ABOUT THIS EXERCISE: Copy each entry below exactly. No images.

[Stored records]
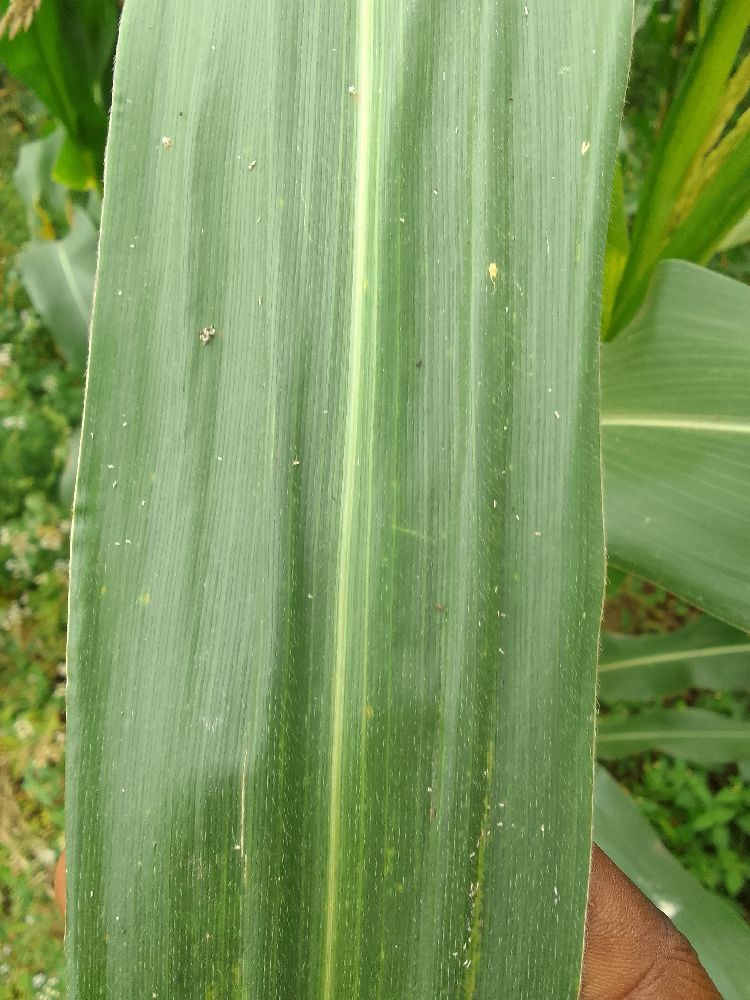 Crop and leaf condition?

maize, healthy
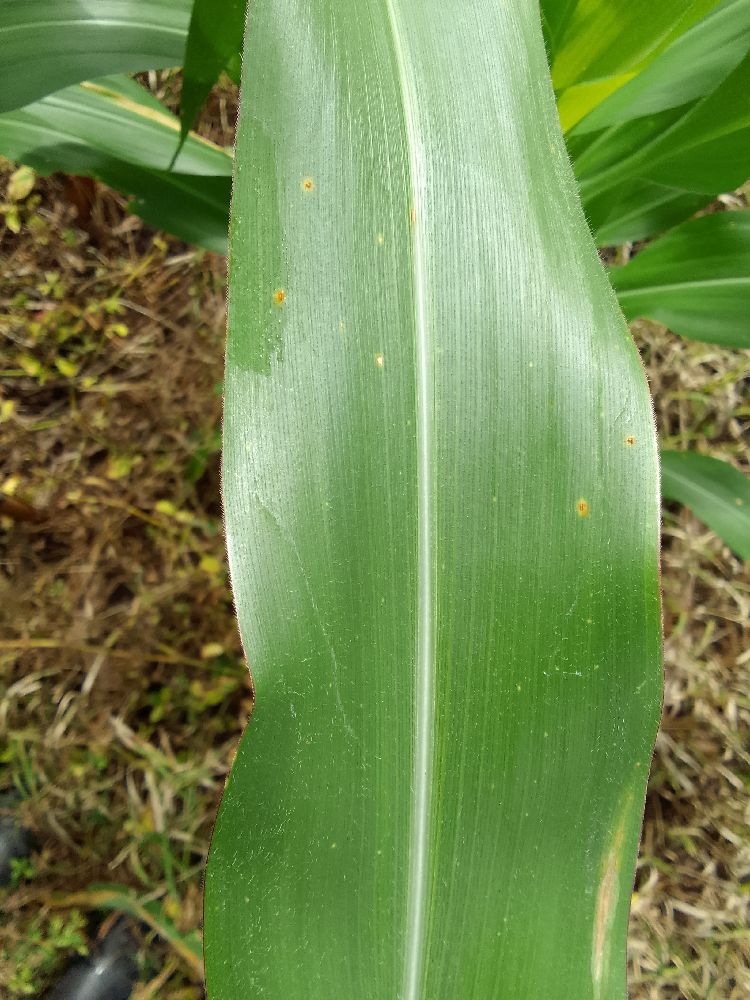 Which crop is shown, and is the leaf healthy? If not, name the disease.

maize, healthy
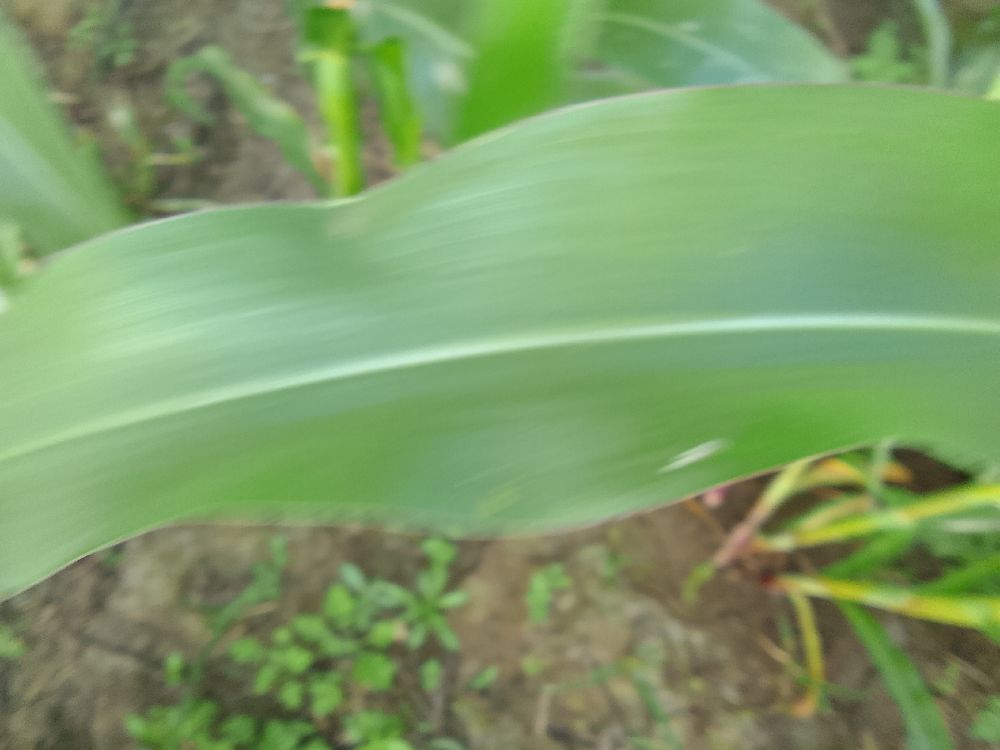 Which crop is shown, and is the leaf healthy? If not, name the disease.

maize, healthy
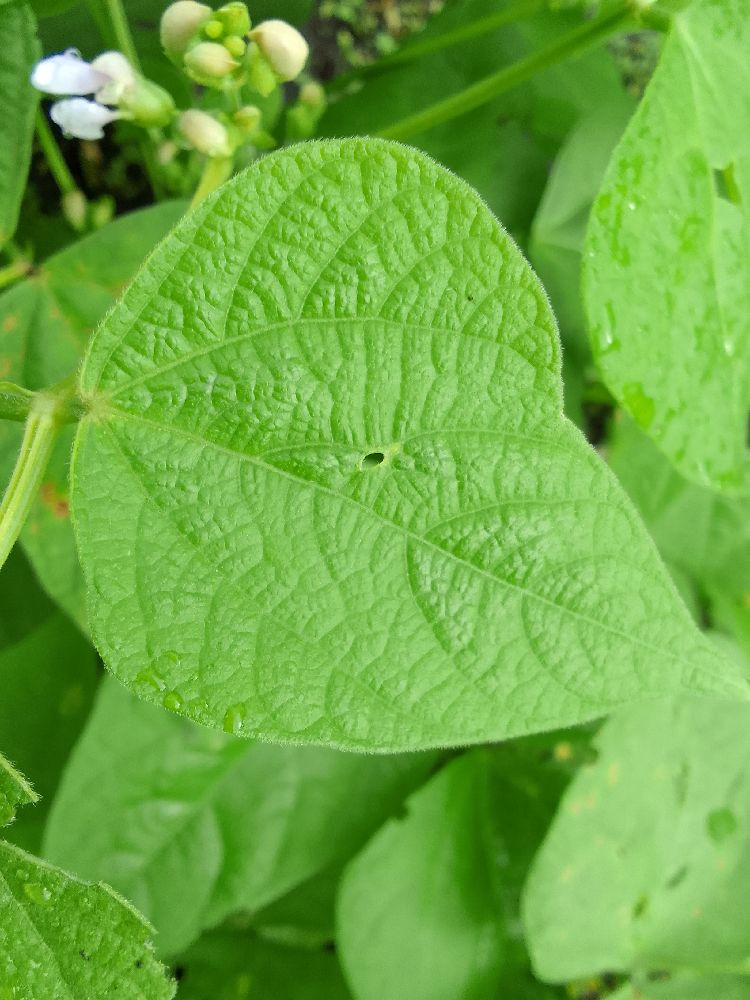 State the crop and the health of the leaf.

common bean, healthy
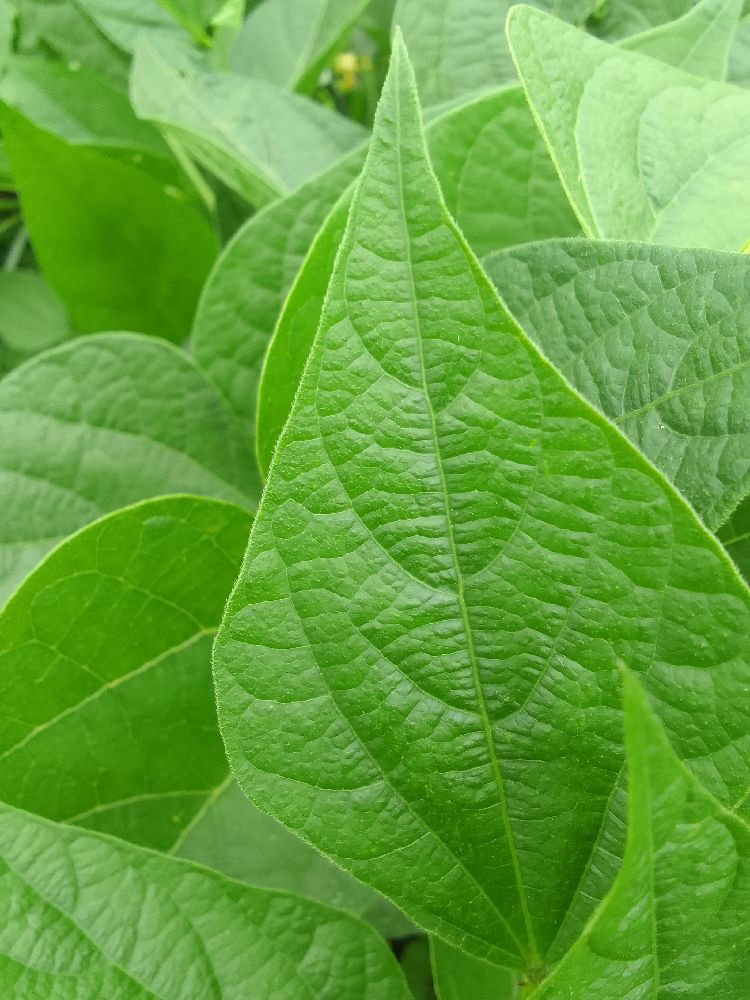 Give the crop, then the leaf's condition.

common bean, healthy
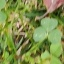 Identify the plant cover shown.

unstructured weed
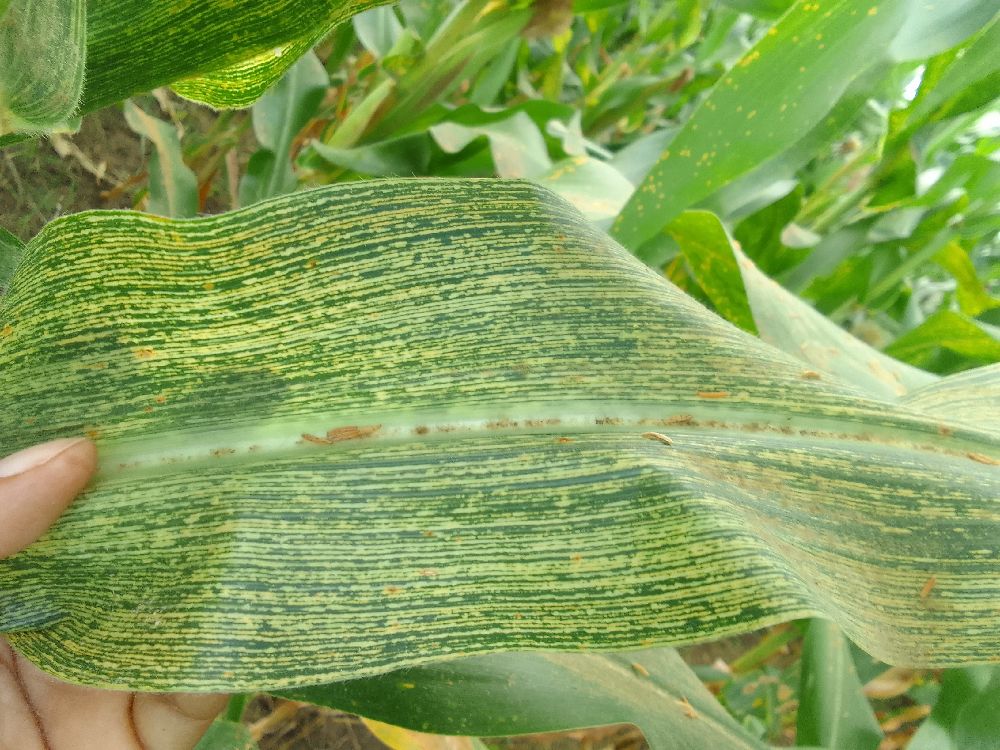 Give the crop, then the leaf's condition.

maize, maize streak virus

WRITTEN RESPONSE:
 Crop and leaf condition?

maize, healthy
 Which crop is shown, and is the leaf healthy? If not, name the disease.

maize, healthy
 Which crop is shown, and is the leaf healthy? If not, name the disease.

maize, healthy
 State the crop and the health of the leaf.

common bean, healthy
 Give the crop, then the leaf's condition.

common bean, healthy
 Identify the plant cover shown.

unstructured weed
 Give the crop, then the leaf's condition.

maize, maize streak virus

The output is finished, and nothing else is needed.